Correcting Security Threats in Javascript Dependencies with NPM Audit
Correcting Security Threats in Javascript Dependencies with NPM Audit
Here at Littlelines, we like to build on the shoulders of the giants that came before us. When building custom applications for clients, it is sometimes necessary to build custom features with code driven for clients’ specific needs. It is also frequently appropriate to reach for proven, tested packages to pull into your app to make development efficient and effective. With rails, this takes the form “gems” and a Gemfile, and in Javascript, this is “packages” and a package.json file.
Why Use Dependencies
The benefits to these packages and package managers are readily apparent — speed up development time by bringing in code that is tested, mature, and usually configurable for a variety of situations. Some of the drawbacks are probably also quite clear to you: you do not have control of the upkeep and security of the code.
Keeping track of all of your dependencies manually would be more than a full time job. Have you looked at the size of your node_modules folder in any medium-to-large projects lately? My guess is that all of your dependencies have their own dependencies and this folder has ballooned a little bit out of control. So what is the solution? Do we have to write every line of code we use ourselves? How do we keep track of potential issues in seemingly endless chain of code dependencies what we’ve entangled ourselves in?

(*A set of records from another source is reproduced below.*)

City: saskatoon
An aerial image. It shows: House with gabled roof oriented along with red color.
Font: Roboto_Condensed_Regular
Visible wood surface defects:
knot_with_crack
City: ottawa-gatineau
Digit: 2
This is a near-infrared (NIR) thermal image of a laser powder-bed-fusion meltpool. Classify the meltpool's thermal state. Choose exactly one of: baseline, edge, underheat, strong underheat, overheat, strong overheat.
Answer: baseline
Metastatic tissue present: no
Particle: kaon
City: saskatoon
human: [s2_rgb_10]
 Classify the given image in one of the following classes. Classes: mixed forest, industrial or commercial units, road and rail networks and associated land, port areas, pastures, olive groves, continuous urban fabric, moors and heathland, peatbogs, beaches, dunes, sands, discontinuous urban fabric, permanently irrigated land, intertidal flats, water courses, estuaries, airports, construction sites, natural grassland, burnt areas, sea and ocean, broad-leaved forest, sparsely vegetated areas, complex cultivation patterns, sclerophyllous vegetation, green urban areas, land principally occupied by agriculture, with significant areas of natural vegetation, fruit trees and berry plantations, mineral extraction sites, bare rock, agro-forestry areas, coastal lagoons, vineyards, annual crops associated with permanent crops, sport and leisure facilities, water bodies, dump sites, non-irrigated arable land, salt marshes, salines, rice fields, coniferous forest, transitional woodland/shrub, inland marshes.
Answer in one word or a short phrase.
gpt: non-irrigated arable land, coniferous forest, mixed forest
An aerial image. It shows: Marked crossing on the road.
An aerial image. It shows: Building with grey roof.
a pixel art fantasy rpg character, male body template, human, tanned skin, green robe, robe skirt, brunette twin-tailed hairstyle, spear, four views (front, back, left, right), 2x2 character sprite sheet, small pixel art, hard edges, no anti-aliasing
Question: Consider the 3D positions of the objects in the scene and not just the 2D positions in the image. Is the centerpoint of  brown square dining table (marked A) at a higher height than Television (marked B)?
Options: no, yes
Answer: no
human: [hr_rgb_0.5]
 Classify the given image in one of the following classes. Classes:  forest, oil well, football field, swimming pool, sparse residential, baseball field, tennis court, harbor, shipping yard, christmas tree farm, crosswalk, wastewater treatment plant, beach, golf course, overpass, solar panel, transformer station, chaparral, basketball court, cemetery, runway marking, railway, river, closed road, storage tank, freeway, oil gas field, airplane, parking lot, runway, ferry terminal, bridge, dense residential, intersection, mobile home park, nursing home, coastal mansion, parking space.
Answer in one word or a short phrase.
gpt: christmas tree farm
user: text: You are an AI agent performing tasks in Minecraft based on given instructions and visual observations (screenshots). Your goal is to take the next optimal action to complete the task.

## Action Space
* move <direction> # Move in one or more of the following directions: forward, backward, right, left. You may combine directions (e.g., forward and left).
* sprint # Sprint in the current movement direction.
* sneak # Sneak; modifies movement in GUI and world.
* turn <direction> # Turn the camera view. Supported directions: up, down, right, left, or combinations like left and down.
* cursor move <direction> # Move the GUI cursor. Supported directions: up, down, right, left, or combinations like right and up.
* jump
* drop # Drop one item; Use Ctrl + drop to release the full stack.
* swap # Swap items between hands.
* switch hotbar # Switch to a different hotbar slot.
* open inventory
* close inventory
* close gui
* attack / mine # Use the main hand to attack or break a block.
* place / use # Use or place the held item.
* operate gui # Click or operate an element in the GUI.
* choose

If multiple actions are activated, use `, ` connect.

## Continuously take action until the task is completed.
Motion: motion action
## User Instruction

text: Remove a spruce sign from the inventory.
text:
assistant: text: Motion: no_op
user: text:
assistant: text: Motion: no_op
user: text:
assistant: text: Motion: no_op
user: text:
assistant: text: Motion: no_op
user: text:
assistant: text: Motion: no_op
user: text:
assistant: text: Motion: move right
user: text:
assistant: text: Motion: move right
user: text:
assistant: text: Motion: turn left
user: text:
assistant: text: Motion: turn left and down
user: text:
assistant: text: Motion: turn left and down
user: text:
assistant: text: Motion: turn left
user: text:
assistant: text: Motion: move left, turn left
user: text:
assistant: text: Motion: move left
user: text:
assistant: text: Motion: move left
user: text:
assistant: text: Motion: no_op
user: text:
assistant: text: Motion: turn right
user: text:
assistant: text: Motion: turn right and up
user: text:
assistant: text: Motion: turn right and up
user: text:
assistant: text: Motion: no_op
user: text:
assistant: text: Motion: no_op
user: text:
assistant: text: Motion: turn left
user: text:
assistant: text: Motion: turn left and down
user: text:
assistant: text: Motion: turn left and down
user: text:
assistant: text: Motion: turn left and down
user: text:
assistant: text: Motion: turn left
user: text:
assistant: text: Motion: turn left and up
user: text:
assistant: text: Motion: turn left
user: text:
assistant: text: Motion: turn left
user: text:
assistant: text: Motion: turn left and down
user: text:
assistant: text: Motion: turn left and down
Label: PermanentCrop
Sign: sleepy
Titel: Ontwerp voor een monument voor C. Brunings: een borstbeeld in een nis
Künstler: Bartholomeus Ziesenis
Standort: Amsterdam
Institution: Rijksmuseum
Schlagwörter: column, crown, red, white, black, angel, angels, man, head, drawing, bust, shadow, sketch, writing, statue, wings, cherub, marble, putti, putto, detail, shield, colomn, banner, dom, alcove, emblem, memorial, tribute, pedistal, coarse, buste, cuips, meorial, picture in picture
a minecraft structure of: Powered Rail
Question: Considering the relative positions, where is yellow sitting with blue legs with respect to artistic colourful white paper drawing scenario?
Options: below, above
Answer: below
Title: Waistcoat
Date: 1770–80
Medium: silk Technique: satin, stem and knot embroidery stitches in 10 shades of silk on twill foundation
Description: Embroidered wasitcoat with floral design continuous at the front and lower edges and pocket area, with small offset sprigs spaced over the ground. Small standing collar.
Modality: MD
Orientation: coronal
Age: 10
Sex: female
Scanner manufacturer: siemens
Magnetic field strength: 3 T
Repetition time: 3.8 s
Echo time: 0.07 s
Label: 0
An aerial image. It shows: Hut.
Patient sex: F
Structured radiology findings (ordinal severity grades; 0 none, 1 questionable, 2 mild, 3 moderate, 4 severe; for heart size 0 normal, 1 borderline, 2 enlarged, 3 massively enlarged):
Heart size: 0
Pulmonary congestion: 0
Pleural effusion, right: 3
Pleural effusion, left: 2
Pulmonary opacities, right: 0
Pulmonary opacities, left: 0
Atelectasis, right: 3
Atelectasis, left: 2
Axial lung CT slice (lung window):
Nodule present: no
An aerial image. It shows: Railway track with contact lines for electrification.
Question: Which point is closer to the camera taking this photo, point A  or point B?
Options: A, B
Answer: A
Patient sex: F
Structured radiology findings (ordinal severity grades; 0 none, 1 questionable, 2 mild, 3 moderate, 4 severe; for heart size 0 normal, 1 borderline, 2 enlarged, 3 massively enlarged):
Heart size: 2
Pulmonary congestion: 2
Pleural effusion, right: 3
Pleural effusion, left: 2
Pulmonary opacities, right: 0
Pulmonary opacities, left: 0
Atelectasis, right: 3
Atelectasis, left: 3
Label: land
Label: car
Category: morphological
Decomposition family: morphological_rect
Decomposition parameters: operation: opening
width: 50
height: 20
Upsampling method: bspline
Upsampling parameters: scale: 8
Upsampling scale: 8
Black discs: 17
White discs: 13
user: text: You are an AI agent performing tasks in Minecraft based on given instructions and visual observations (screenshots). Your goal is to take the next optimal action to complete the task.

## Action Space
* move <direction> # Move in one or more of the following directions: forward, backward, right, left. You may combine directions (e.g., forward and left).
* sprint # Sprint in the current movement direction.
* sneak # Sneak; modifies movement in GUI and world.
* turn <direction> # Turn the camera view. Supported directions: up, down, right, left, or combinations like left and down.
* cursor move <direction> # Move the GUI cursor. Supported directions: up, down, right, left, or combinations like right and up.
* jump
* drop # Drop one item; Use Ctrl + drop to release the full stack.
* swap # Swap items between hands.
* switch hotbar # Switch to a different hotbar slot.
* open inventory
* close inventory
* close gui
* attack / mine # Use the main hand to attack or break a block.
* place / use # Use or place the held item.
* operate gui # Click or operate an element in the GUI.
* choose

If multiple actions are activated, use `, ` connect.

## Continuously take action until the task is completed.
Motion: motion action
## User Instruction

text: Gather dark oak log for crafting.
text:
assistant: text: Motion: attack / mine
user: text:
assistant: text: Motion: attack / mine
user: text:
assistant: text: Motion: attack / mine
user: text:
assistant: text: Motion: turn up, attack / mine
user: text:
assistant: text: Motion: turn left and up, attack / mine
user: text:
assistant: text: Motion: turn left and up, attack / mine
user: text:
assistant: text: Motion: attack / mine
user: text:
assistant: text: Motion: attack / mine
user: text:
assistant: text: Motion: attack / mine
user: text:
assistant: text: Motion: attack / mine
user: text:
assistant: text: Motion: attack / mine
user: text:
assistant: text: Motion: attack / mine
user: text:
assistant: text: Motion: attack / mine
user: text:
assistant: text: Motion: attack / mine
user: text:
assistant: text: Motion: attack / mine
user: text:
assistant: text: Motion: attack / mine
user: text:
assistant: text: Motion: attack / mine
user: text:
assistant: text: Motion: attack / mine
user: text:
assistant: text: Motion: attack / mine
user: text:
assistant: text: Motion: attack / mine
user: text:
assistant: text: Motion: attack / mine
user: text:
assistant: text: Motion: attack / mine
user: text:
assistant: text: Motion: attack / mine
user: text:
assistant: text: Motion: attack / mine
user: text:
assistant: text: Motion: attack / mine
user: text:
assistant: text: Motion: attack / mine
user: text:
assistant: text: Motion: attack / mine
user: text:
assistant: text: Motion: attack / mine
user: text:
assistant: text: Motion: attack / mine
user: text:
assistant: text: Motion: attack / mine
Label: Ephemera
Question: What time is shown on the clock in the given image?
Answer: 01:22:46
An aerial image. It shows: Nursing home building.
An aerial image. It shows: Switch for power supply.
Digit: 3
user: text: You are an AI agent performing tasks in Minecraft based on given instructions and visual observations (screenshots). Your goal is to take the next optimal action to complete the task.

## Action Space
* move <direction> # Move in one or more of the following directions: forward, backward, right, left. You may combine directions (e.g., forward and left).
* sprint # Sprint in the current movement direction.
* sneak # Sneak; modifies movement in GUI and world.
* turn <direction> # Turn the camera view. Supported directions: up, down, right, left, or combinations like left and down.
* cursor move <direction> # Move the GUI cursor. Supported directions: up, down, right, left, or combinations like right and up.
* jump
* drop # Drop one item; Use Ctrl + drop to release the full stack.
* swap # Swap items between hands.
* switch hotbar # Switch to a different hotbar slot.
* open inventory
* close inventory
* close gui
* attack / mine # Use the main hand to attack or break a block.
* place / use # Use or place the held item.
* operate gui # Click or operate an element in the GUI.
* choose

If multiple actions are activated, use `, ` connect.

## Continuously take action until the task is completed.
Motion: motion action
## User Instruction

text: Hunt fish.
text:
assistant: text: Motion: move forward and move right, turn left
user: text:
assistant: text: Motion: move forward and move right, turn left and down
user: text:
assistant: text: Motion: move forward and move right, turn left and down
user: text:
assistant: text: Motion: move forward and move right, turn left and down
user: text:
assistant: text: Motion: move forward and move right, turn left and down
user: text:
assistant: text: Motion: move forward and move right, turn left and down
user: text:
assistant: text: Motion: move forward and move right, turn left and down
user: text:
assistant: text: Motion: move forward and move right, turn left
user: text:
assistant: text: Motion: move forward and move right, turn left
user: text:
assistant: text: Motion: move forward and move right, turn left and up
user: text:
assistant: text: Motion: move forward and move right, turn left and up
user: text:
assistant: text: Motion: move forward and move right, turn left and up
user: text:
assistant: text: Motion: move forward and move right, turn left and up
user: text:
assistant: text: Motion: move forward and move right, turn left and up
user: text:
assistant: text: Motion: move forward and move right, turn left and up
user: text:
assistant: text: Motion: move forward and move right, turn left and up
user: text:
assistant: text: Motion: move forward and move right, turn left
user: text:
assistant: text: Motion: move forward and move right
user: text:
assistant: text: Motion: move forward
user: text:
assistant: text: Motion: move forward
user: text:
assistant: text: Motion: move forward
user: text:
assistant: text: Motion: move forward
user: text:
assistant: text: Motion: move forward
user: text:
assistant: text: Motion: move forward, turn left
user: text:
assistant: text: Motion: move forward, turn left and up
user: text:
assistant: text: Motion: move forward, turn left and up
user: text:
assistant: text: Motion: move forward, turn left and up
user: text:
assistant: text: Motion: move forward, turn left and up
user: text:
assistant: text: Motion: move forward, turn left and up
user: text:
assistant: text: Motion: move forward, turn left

Thankfully, npm (Node Package Manager — the tool that most of us use to pull in our dependencies) has developed a tool to check for known security flaws and correct them: npm audit
. Here’s how it works:
Usage
We’ll start with testing that we’re on the latest version of npm. Test your current version with npm -v
. The audit command requires npm version 6 and above, so if your version is not quite up to date, you can update with the command:
npm install -g npm@latest
Once you’re up to date, we can jump right in and run:
npm audit
Test Repo and Demo
To test this out, I’ve created a small repo with one dependency that has vulnerabilities. (The package in question is lodash, but I’m not picking on them; this is an older version of their package, and the current version is free of known vulnerabilities.) If you would like to follow along, just clone this repo and follow these steps: First we’ll navigate to the directory and build our dependencies.
cd npm-audit-test
npm install
This will install your node_modules packages and alert you to security vulnerabilities. In our case, we get this message:
found 2 high severity vulnerabilities
run `npm audit fix` to fix them, or `npm audit` for details
First we’ll run npm audit
to see the details of the issues. This will show you a table with the each vulnerable package name, type of vulnernability, and the level of severity.
At the top of each table, NPM suggests a command that will resolve the security issue in question. You can either run each of these commands manually yourself, or run the command npm audit fix
to let npm run all of the suggested updates for you.
Conclusion
This has been a quick crash course on one of the most exciting new tools in javascript development. The npm audit command allows you to have some piece of mind about the dependencies your app relies on to function. Security is an ongoing and illusive task when it come to web applications, but this command is a great start to finding the places your app might be vulnerable and shoring them up before anything bad happens.